Chiara Mastroianni : « Avec moi, les psys ont un bel avenir ! »

ENTRETIEN - L'actrice montera les marches mardi pour le nouveau film de Christophe Honoré, « Marcello mio ». Elle y fait revivre son père, Marcello Mastroianni, au côté de sa mère, Catherine Deneuve. Confidences sur les siens.
Chiara Mastroianni
Chiara Mastroianni (Crédits : © LTD / DANT STUDIO/H&K)

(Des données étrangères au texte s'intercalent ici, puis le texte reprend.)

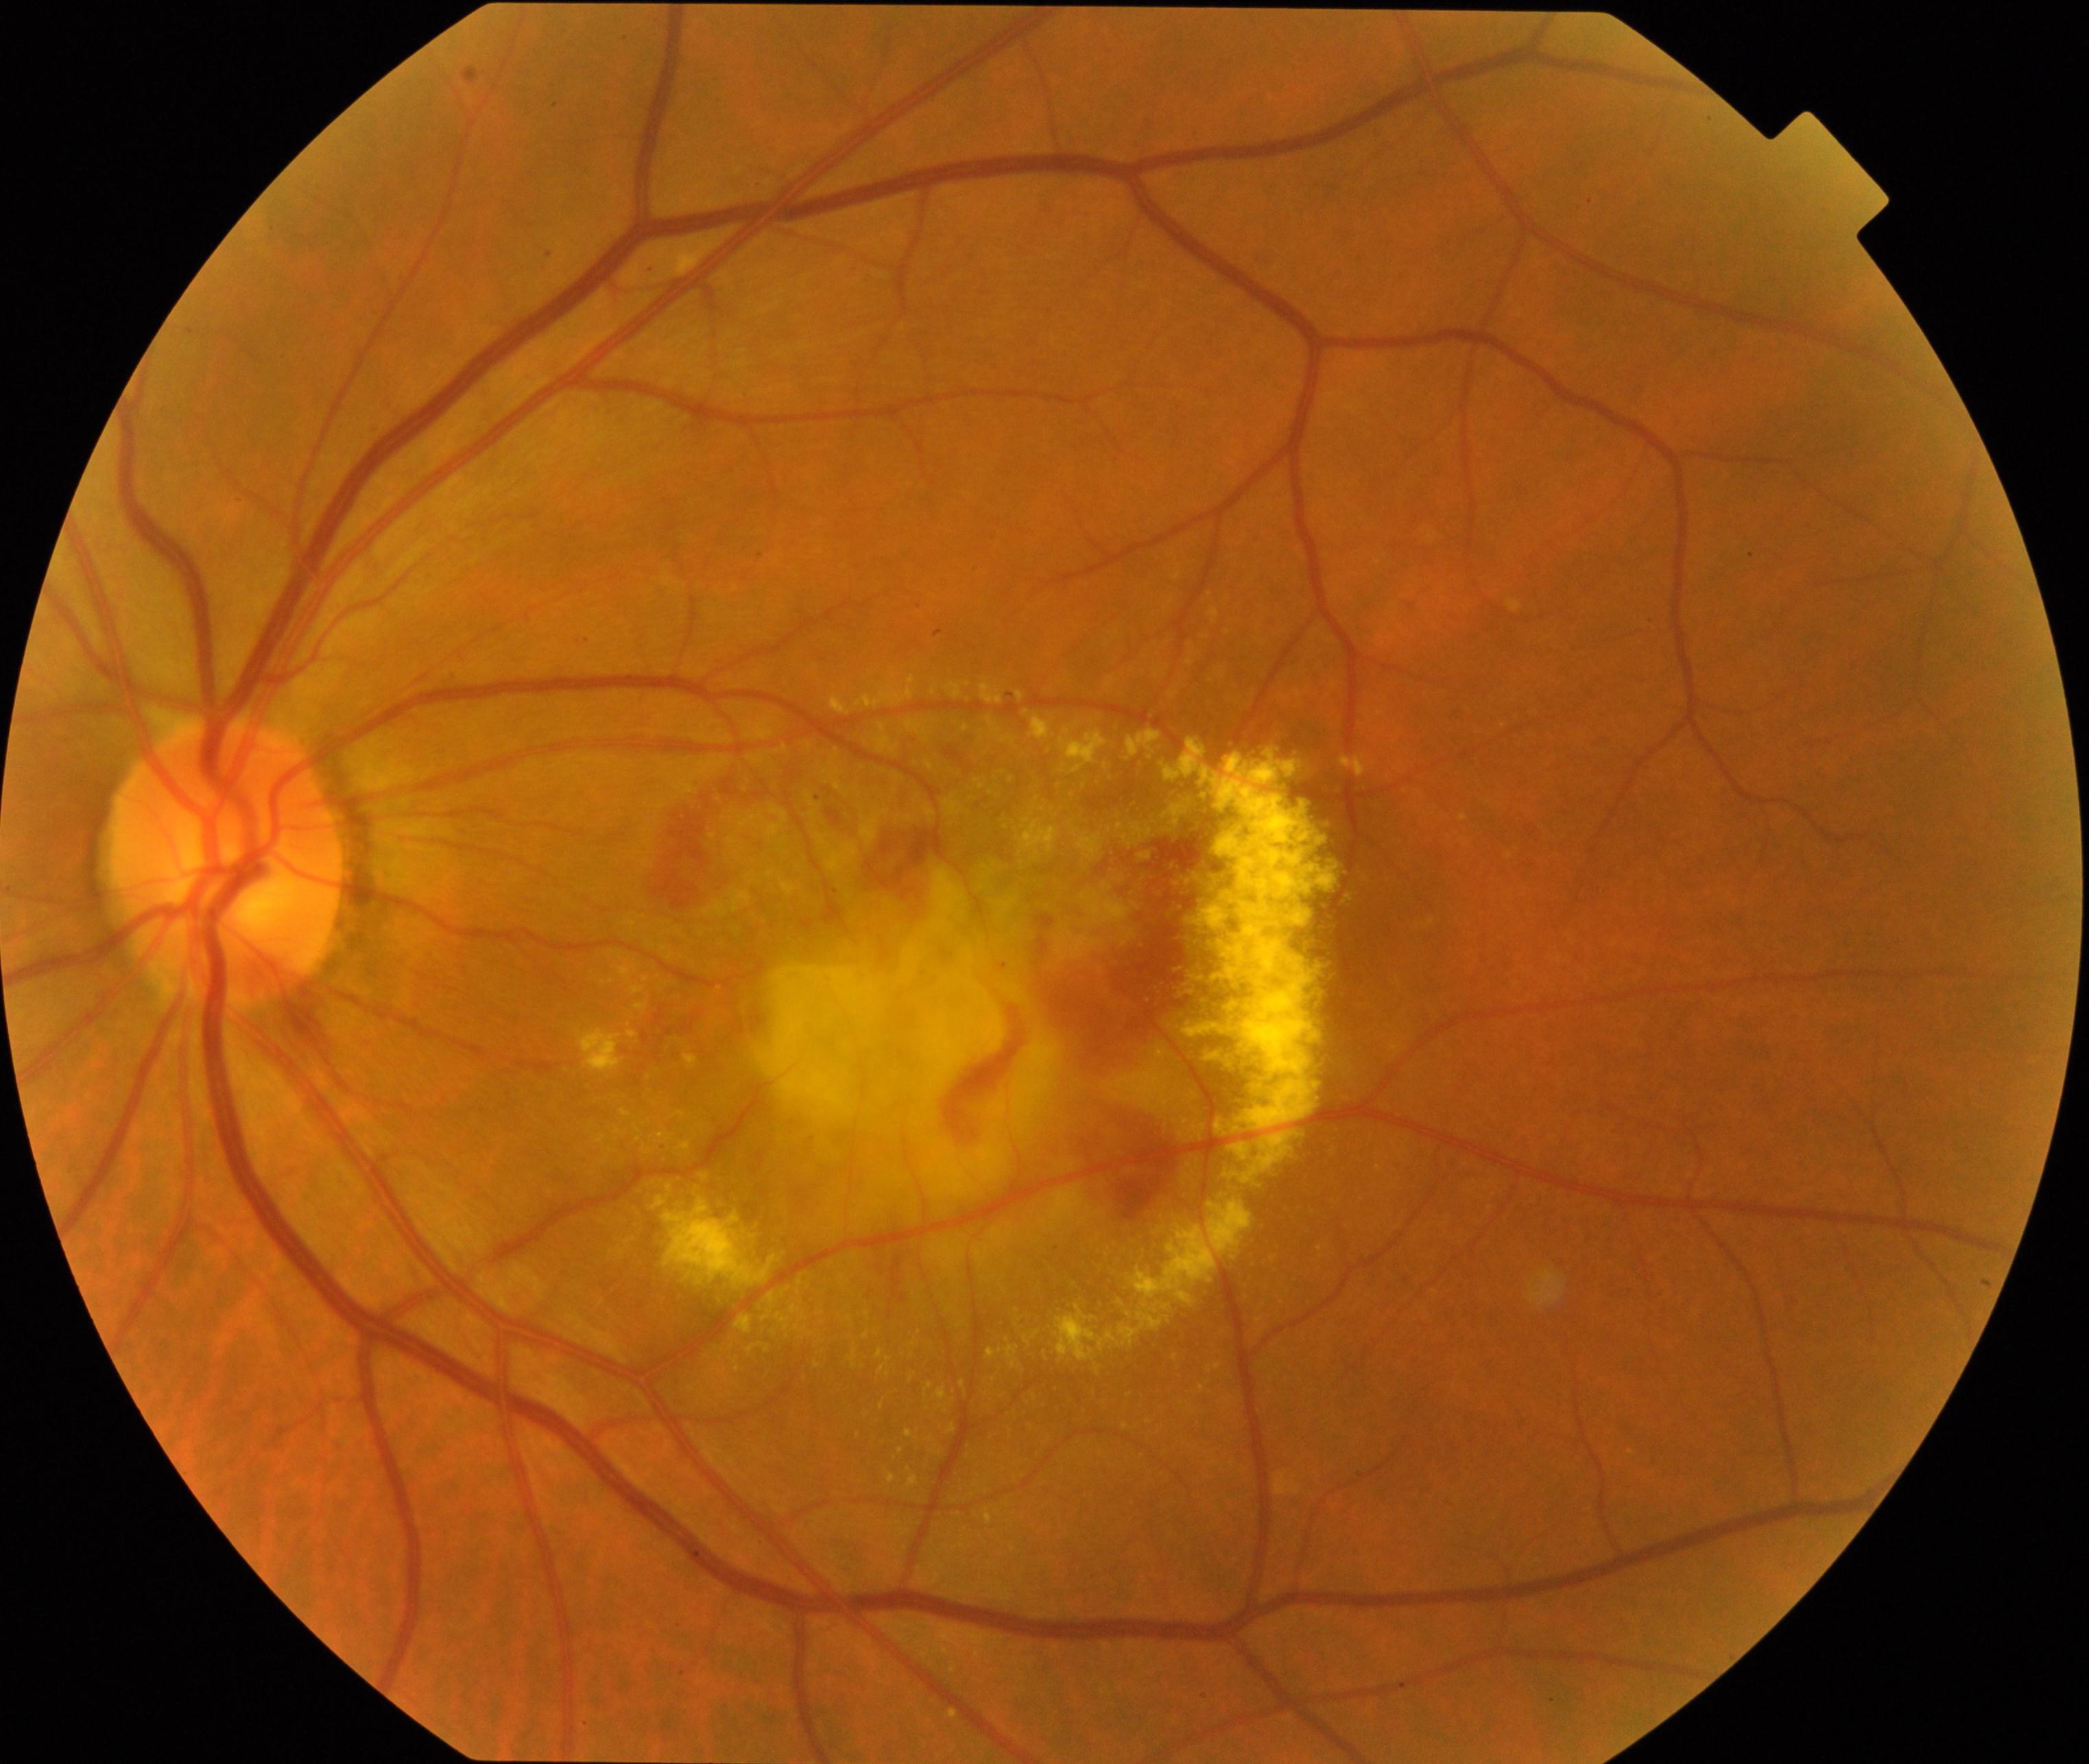

Consistent with maculopathy.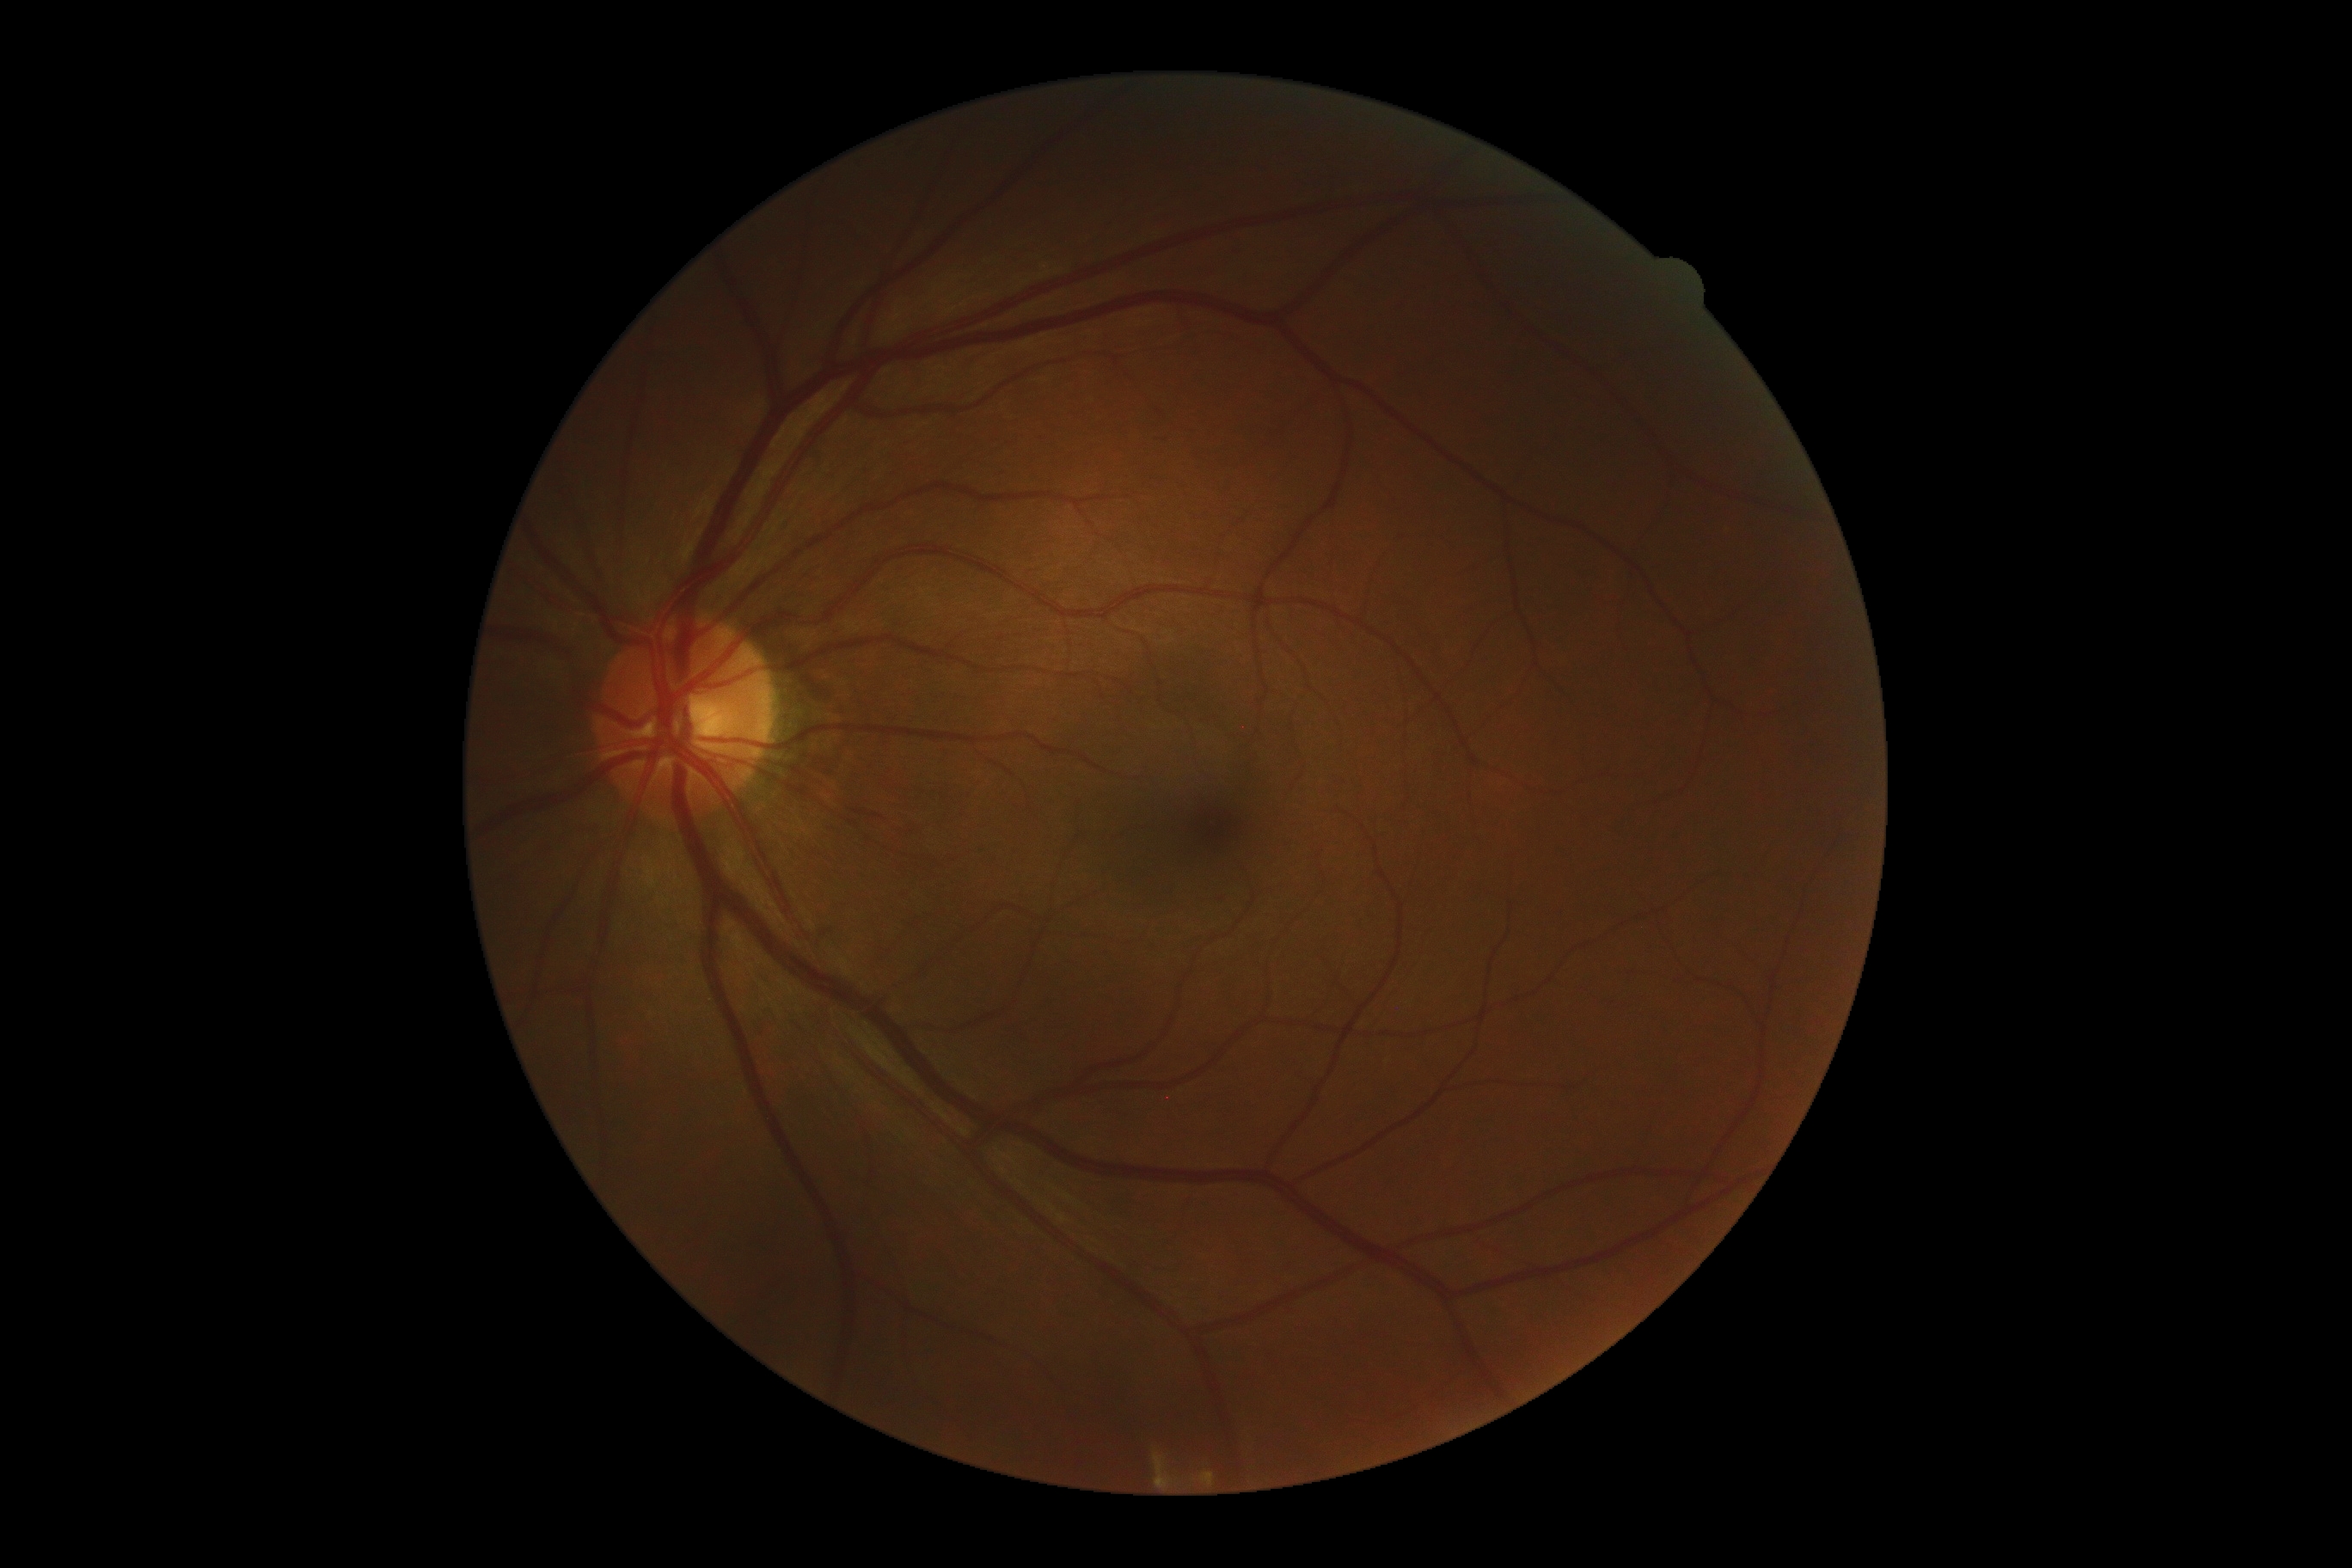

Depuis « Les chansons d'amour », elle est devenue la muse des films de Christophe Honoré. À force de complicité, le réalisateur lui a offert une fable fantaisiste et intime, joyeuse et introspective à la fois, dans laquelle Chiara Mastroianni, en pleine crise existentielle, se prend littéralement pour son père, Marcello Mastroianni, icône du cinéma européen, disparu en 1996. Un film, sélectionné en compétition officielle à Cannes, où fiction et réalité se mêlent, dans une mise en abyme qui convoque sa mère, Catherine Deneuve, et les hommes de sa vie, Melvil Poupaud et Benjamin Biolay. Et interroge sur le deuil, le manque et le statut d'acteur. Rencontre.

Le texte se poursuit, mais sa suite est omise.